For the purpose of this review, I delved into C++ AMP as a natural extension to my GPU programming experience.  For users wanting to go down the GPU programming route, C++ AMP is a great way to get involved.  As a high level language it is easy enough to learn, and the book on sale as well as the MSDN blogs online are also very helpful, moreso perhaps than CUDA.

Part of the available code online for C++ AMP revolves around n-body simulations, as the basis of an n-body simulation maps nicely to parallel processors such as multi-CPU platforms and GPUs.  For this review, I was able to strip out the code from the n-body example provided and run some numbers.  Many thanks to Boby George and Jonathan Emmett from Microsoft for their help.

The n-Body Simulation

When a series of heavy mass elements are in space, they interact with each other through the force of gravity.  Thus when a star cluster forms, the interaction of every large mass with every other large mass defines the speed at which these elements approach each other.  When dealing with millions and billions of stars on such a large scale, the movement of each of these stars can be simulated through the physical theorems that describe the interactions.

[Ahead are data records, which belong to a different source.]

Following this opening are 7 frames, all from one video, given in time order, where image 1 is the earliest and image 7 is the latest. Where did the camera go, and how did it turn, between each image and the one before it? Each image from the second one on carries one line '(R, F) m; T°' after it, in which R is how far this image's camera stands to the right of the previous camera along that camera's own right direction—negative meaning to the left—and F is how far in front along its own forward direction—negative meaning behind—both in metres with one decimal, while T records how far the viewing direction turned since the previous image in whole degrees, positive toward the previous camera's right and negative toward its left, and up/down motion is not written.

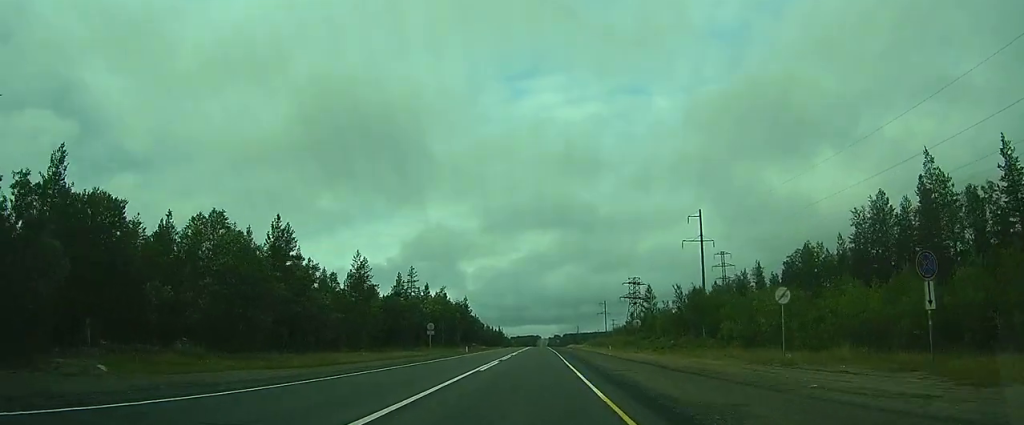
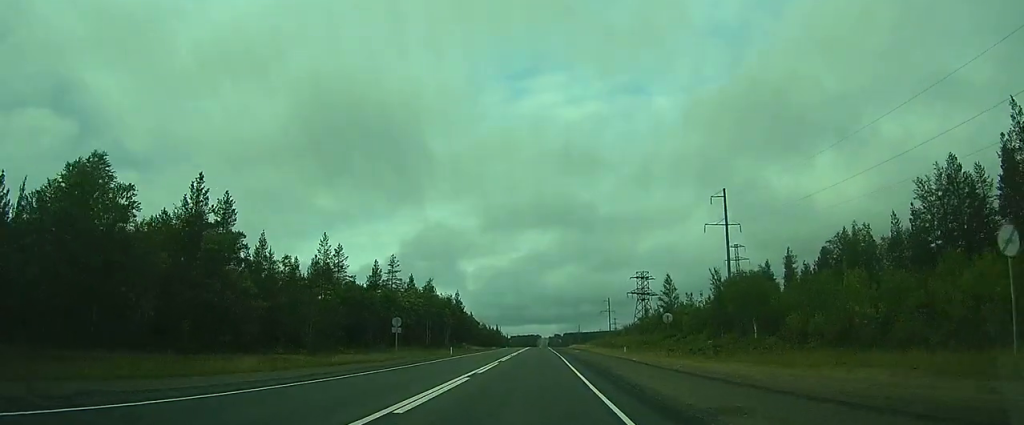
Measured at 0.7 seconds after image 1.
(0.0, +16.3) m; 0°
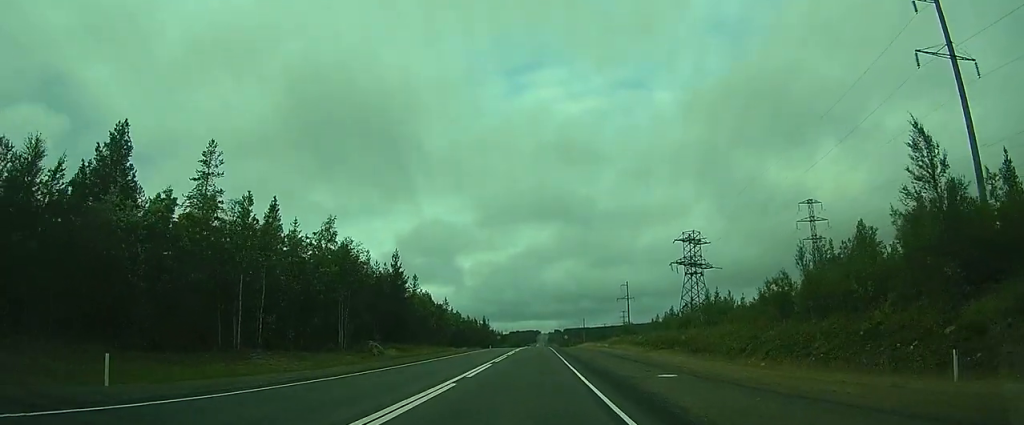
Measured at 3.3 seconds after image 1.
(0.0, +59.8) m; 0°
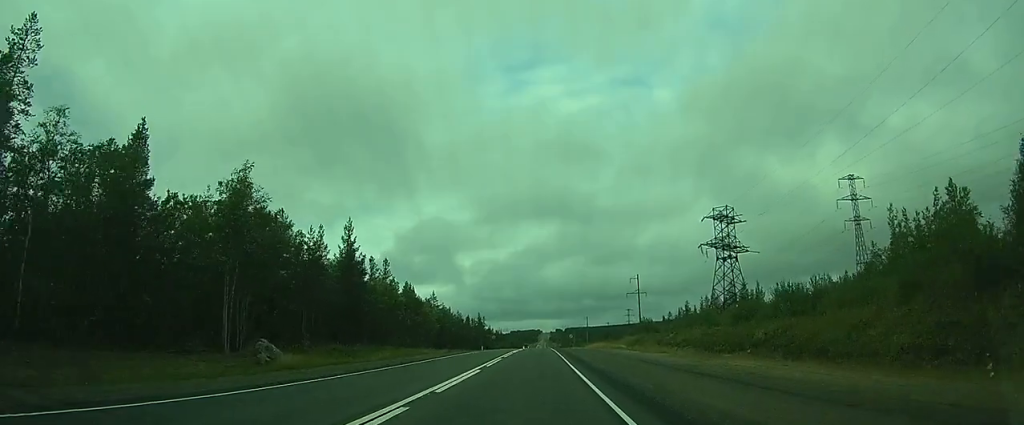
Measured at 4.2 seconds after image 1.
(0.0, +19.9) m; 0°
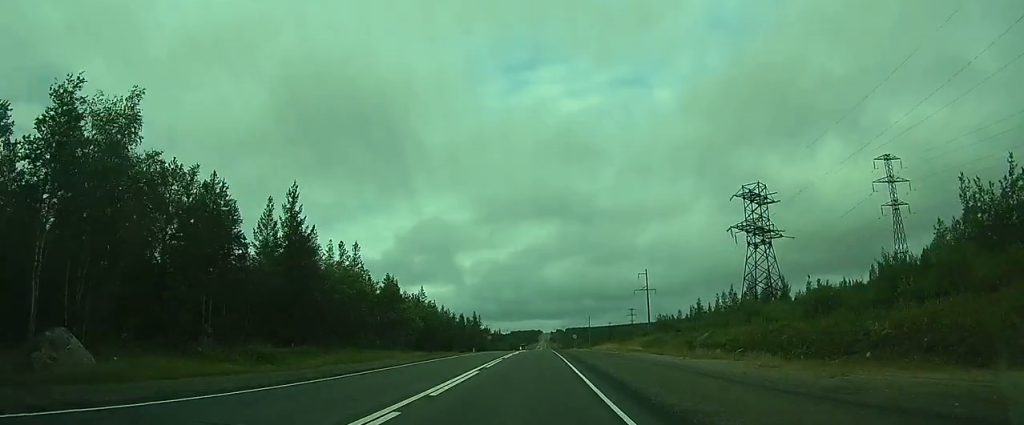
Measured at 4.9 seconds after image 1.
(0.0, +13.8) m; 0°
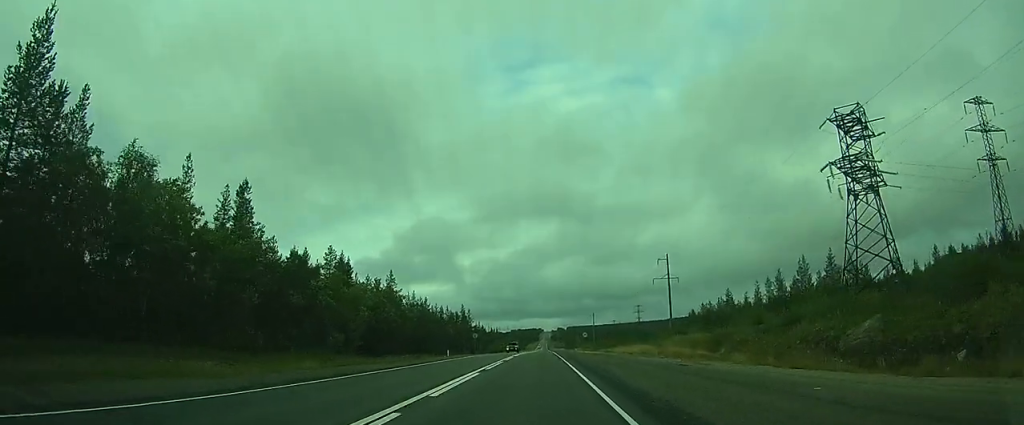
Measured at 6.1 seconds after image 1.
(0.0, +25.7) m; 0°
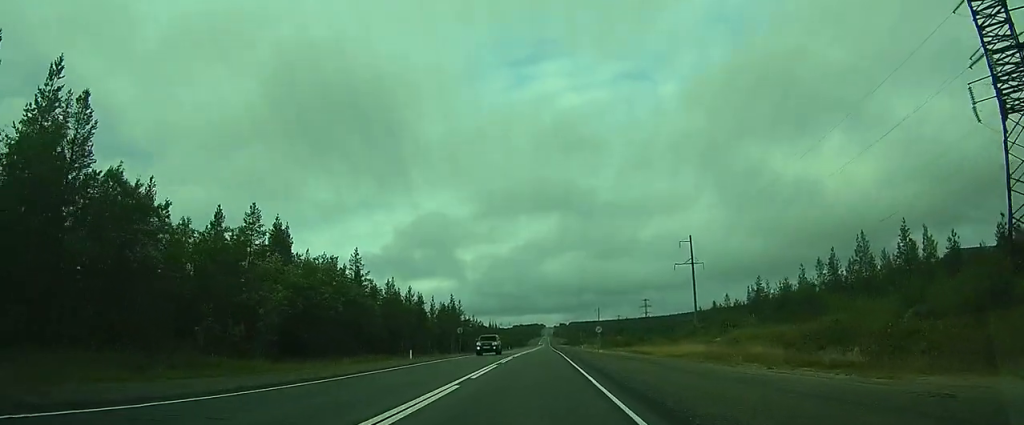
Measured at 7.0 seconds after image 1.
(0.0, +18.9) m; 0°

n-Body simulation is a large field of calculation with many different computational methods optimized for speed, memory usage or bus transfer – this is on top of the different algorithms that can be used to represent such a scenario.  Typically one might expect the running time of a simulation be O(n^2) as each particle in the simulation has to interact gravitationally with every other particle, but some computational methods can be used to reduce this as the effect of gravity is inversely proportional to the square of the distance, and thus only the localized area needs to be known.  Other complex solutions deal with general relativity.  I am neither an expert in gravity simulations or relativity, but the solution used today is the full O(n^2) solution.

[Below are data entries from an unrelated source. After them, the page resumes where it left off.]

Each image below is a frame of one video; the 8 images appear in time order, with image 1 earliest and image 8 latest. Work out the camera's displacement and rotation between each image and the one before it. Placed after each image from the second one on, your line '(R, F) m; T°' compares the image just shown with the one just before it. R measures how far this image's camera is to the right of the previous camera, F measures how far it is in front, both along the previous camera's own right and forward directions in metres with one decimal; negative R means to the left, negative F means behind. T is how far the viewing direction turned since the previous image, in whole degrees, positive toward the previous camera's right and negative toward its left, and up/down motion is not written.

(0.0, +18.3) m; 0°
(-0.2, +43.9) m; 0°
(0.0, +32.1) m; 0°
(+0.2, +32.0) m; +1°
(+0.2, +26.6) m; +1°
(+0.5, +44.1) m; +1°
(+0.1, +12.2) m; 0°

The code provided detects whether the processor is SSE2 or SSE4 capable, and implements the relative code.  Here is an example of the multi-CPU code, using the PPL library, and the non-SSE enabled function:

This code is run using a simulation of 10240 particles of equal mass.  The output for this code is in terms of GFLOPs, and the result recorded was the peak GFLOPs value.

n-Body Simulation

In the case of our dual processor system, disabling HyperThreading gives a modest 6% boost, suggesting that the cache sizes of the processors used are slightly too small.  Note that for this simulation, the data of every particle is stored in as low cache as possible, then read by each particle, and the main write is pushed out to main memory.  Then for the next step, a copy of main memory is again made to the L3 cache of each processor and the process repeated.  For this type of task, the dual processor systems are ideal, but like the Brownian motion simulation, moving them onto a GPU gets an even better result (700 GFLOPs on a GTX560).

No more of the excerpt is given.